**Required work:** The reply should contain all the data below, repeated exactly, and none of the images.

** Opening Data to process block **

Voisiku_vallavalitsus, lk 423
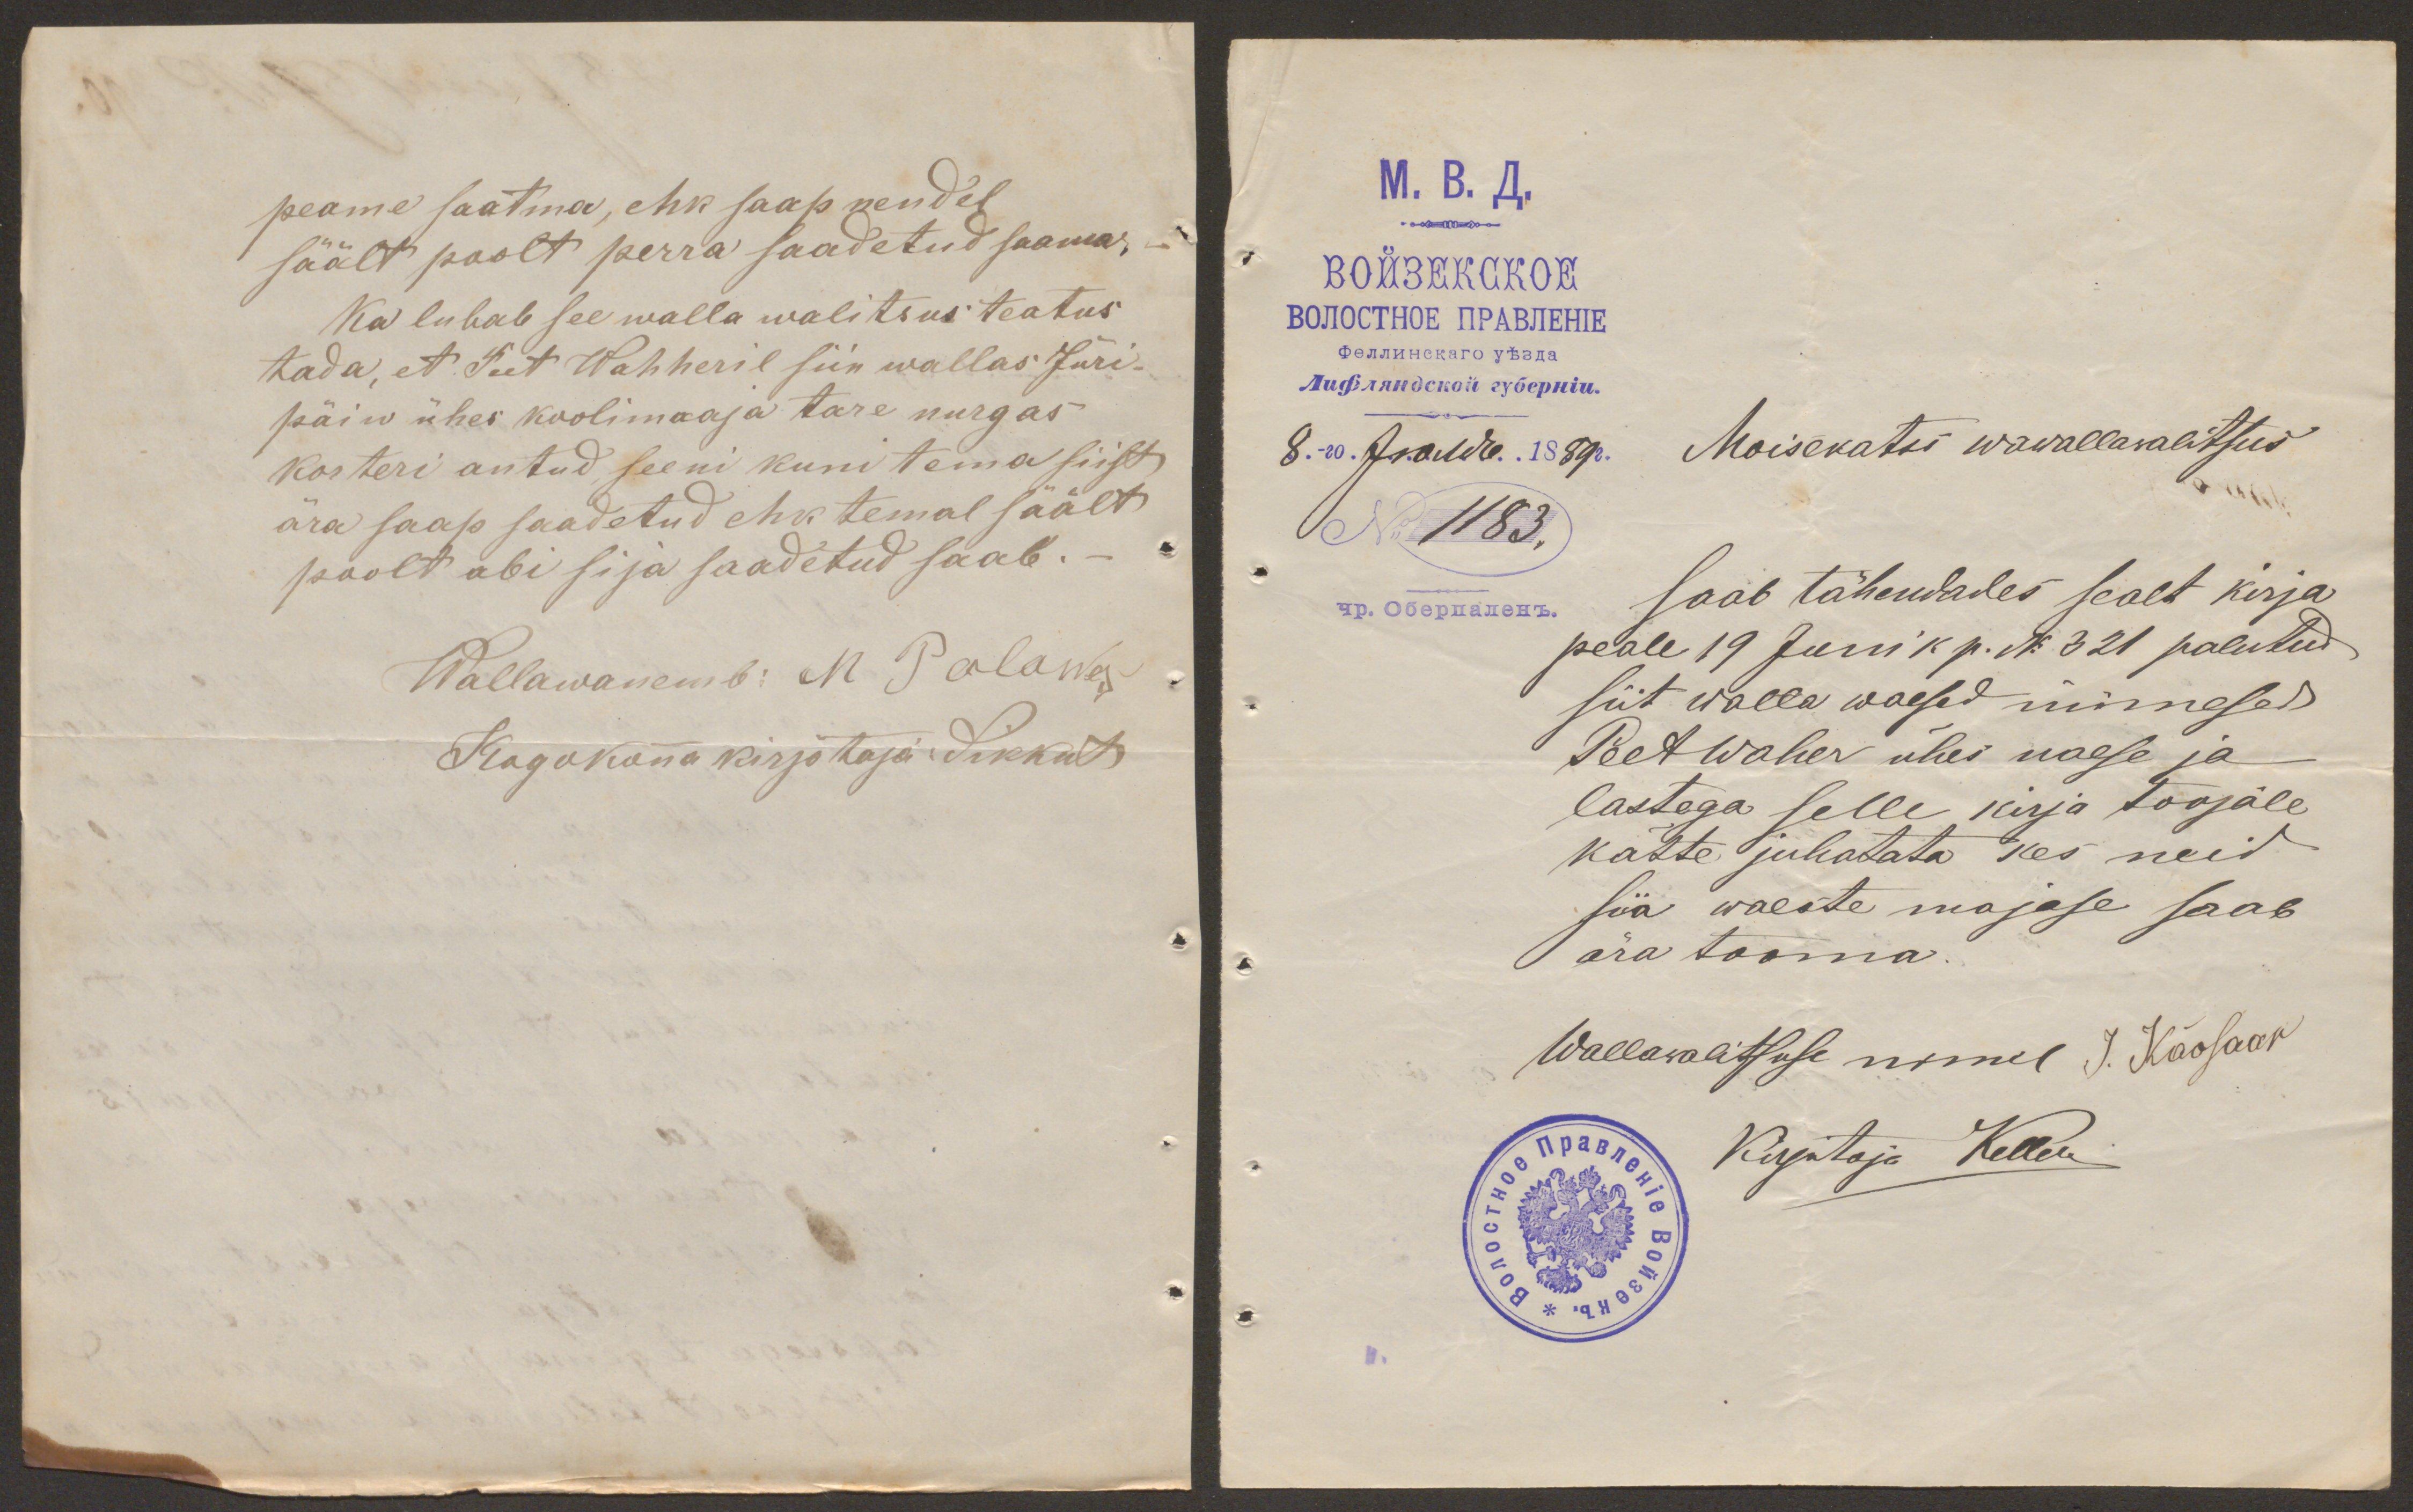
peame saatma, ehk saap nendel
säält poolt perra saadetud saama.
Ka lubab see walla walitsus teatus
tada, et Peet Wahheril siin wallas Jüri-
päiw ühes koolimaaja tare nurgas
korteri antud, seeni kuni tema siist
ära saap saadetud ehk temal säält
poolt abi sija saadetud saab.-
Wallawanemb: M Palawes
Kogokonna kirjotaja Sikkut

Moisekatsi wawallavalitsus
No 1183.
saab tähendades sealt kirja
peale 19 Juni k. p. No 321 palutud
siit walla waesed innimesed
Peet Waher ühes naese ja
lastega selle kirja toojale
kätte juhatata kes neid
siia waeste majase saab
ära tooma.
Wallawalitsuse nimel J. Kääosaar
Kirjutaja Keller

** Closing Data to process block **

**Solution for this task:**
Voisiku_vallavalitsus, lk 423
peame saatma, ehk saap nendel
säält poolt perra saadetud saama.
Ka lubab see walla walitsus teatus
tada, et Peet Wahheril siin wallas Jüri-
päiw ühes koolimaaja tare nurgas
korteri antud, seeni kuni tema siist
ära saap saadetud ehk temal säält
poolt abi sija saadetud saab.-
Wallawanemb: M Palawes
Kogokonna kirjotaja Sikkut

Moisekatsi wawallavalitsus
No 1183.
saab tähendades sealt kirja
peale 19 Juni k. p. No 321 palutud
siit walla waesed innimesed
Peet Waher ühes naese ja
lastega selle kirja toojale
kätte juhatata kes neid
siia waeste majase saab
ära tooma.
Wallawalitsuse nimel J. Kääosaar
Kirjutaja Keller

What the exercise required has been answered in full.